ギターやサックス、ウクレレ、歌など、いろんなジャンルの音楽が出てきます。
作中に出てくる楽曲も、「これ知ってる!」というのもあれば「聞いたことないから調べてみよう」と思えるものもありなかなか楽しい。
音楽との関わり方も登場人物によってさまざまで、音楽をやっていた私には、とても考えさせられるものがありました。
この作品では、さまざまな「対比」が描かれているのが印象的でした。
無職と働く人。
若者と高齢者。
家族と他人。
金持ちと貧乏人。
穏やかさと激情。
たくさんの対比があるけれど、どれも共通する思いがあったり経験があったり。
人が感じる物事に、「立場」って関係ないのかなと感じました。
舞台が老人ホームということもあって、人生がテーマになっているお話で、いろんな人の生き方が垣間見えるのが面白かったです。
この作品を読んでいると、多方面に目を向けるということが大事だということに、改めて気付かされました。
自分や他人を内側から見ることと外側から見ること、どちらも常に行うのが大人になるということなのかもしれないですね。
この作品を読むのにおすすめなのは、何かしないといけないけれど何をすればわからない人や、なんとなく時間を過ごすのに後ろめたさを感じている人。

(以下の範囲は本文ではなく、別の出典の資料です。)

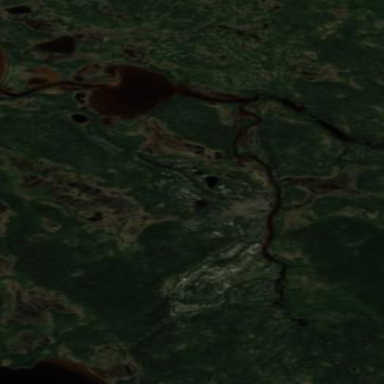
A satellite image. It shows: String bog wetland.
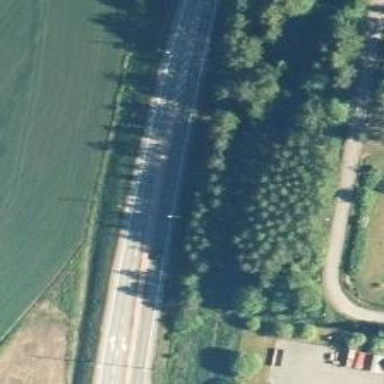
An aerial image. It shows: Primary road with asphalt surface.
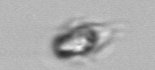
Label: Mesodinium
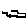
Label: car
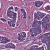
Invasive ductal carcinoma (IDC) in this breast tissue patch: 1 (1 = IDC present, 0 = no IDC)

この作品を読むと心が落ち着いたり、一歩踏み出したくなったりすると思います。
著者の他の作品で、『そして、バトンは渡された』も気になっています。
本屋大賞を受賞していて、映画化もされていました。
私は小説が映像化されてしまうと、原作を読む気が削がれてしまうことも多いのですが、『その扉をたたく音』の作風がとても読みやすかったので、別作品にも手を出してみたくなった次第です・・・。